姜暖煙被諸葛長風的話驚醒,擡眸看向近在咫尺的諸葛長風,他的眼眸之中沒有桃花、沒有幽潭,只有濃的化不開的愛意!
她喜歡他嗎?她不喜歡他嗎?
姜暖煙只知道自己肯定不是不喜歡!那若不是不喜歡,便是喜歡嘍!可是他怎麼會喜歡自己?他是高高在上的侯爺,他是朝雲城中有名的風流公子,他怎麼會喜歡自己?
他的這個喜歡二字,又對多少女子說過?想到這裡,姜暖煙臉上的喜悅之色如潮水一般一點點的又退了下去。
喜歡,對他來說,或許只是最爲輕巧的兩個字,但是對她來說,卻是異常的沉重,是一生的承諾!
諸葛長風看着眼前小女子眼眸之中開始迷惑,逐漸失落,最後又轉爲苦澀,心思急轉間,頓時明瞭,這該死的小狐狸,竟然敢懷疑自己?敢懷疑自己的真心?
“姜暖煙!我帶你去個地方!”諸葛長風忽然開口道。
“什,什麼地方?”
“你跟我來就知道了!”
諸葛長風起身便扯着姜暖煙向外而去!
“等一下!衣服!你還沒有穿衣服!”他此時還赤裸着上身,展露着身上那些可怖的傷痕!
“不必!”諸葛長風根本不給姜暖煙再說話的機會,已經扯着她向外而去。
一出房門,寒風便卷着雪沫子往他們身上送來,姜暖煙不由縮了縮脖子,看着赤着上身的諸葛長風,瑟縮問道,“你,不冷嗎?”
“昨夜已經見識過了!”
諸葛長風的話讓姜暖煙心中不由又升起一股愧疚,偷偷的擡眼覷了一下諸葛長風的神色,見他雖臉色蒼白,卻沒有與她一般縮脖子的舉動。昨夜,他正是這樣被趙飛熊羞辱的嗎?
他這樣一個如玉般的人物,是怎麼忍受的?
“昨天,你,爲什麼答應去向趙飛熊負荊請罪?”姜暖雪只說諸葛長風是受了孔進安的脅迫。可是她實在想不通,孔進安究竟拿什麼脅迫了他?纔會讓他如此心甘情願的去受那般屈辱。
看着姜暖煙眼眸中的好奇,諸葛長風淡淡道,“只因他告訴我,若是我不去向趙飛熊請罪,他便讓人回朝雲,將你們姐妹帶來送給趙飛熊!”
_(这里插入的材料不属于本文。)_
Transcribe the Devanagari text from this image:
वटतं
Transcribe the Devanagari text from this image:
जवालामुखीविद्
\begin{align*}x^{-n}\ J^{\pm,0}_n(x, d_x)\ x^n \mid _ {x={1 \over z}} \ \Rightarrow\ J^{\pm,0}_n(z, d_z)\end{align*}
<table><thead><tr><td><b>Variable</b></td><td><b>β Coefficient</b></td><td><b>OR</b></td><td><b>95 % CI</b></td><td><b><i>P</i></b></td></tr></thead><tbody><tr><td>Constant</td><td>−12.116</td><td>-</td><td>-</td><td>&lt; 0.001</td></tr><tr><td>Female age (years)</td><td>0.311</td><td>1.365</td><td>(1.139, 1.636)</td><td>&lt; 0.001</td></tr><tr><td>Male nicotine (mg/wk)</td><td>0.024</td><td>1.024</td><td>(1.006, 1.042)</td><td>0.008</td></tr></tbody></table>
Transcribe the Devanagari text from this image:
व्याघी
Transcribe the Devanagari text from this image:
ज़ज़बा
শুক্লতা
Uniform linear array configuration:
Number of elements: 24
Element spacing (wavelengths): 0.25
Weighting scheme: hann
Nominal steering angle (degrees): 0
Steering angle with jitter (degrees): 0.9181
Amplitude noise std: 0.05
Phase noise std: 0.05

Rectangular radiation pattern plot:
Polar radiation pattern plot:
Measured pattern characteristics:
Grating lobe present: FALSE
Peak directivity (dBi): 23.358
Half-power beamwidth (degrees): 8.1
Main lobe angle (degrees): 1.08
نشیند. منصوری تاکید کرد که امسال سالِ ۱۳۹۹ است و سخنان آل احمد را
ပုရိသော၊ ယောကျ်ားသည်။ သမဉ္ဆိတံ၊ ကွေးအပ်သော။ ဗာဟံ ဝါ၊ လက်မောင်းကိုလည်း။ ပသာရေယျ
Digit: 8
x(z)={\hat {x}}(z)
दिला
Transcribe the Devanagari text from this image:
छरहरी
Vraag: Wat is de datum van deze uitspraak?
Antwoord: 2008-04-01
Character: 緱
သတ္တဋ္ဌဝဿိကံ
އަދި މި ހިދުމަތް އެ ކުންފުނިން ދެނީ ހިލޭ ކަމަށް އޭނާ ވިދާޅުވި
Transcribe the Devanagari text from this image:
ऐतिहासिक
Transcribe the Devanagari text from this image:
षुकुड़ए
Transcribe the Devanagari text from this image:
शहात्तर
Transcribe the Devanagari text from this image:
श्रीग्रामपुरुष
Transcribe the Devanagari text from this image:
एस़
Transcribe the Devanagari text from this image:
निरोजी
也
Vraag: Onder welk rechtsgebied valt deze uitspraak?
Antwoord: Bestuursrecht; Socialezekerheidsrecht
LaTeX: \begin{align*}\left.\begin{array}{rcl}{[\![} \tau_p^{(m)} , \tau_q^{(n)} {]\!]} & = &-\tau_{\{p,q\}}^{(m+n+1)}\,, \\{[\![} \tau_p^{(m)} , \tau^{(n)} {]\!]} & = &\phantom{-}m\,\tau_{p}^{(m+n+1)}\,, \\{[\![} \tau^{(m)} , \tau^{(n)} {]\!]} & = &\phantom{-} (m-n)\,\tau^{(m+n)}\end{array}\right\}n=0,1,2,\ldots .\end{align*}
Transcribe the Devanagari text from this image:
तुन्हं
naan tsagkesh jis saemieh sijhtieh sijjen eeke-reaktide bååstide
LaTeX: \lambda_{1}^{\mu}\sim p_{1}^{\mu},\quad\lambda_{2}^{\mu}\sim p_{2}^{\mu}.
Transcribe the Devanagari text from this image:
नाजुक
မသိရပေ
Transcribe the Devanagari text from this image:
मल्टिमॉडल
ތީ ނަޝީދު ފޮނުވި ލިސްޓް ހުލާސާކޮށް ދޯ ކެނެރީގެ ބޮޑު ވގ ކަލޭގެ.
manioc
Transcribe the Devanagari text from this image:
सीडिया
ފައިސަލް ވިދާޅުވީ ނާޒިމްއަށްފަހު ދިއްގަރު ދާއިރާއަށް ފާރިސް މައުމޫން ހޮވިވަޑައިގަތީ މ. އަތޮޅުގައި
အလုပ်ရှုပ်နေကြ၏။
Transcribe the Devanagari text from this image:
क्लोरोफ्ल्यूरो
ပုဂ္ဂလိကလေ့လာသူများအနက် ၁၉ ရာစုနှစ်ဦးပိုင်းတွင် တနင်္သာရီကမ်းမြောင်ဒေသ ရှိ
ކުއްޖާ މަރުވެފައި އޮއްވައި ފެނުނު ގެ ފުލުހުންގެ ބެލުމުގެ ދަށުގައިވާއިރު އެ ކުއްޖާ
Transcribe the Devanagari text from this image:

姜暖煙的心不由又顫了一下,原來是爲了她!又是爲了她!
“你……”你這樣做究竟值不值得?姜暖煙很想問問諸葛長風。
可是諸葛長風卻向她比了一個噤聲的手勢,然後拉着她進了一個院落,徑直走到正對月牙門的一間廂房,推門而入,又熟練的扭動靠北牆書架上放着的一個美人瓶,那貼着牆的書架便移向了一側,露出了一個暗門!
不等姜暖煙開口,諸葛長風便拉着她走了進去。
一進入暗門,便是一溜向下的臺階。那臺階一級、一級盤旋向下,好似沒有盡頭一般,在兩側的牆壁之上,每隔一丈的距離,便鑲嵌着一顆明珠,所以這蜿蜒向下的臺階便好似沐浴在柔和的月光下。
可正因爲如此,走在諸葛長風身後的姜暖煙,纔將他背上的傷痕看的清清楚楚,心中痛到了極致,對趙飛熊也恨到了極致!
“到了!”走在前面的諸葛長風忽然開口提醒道。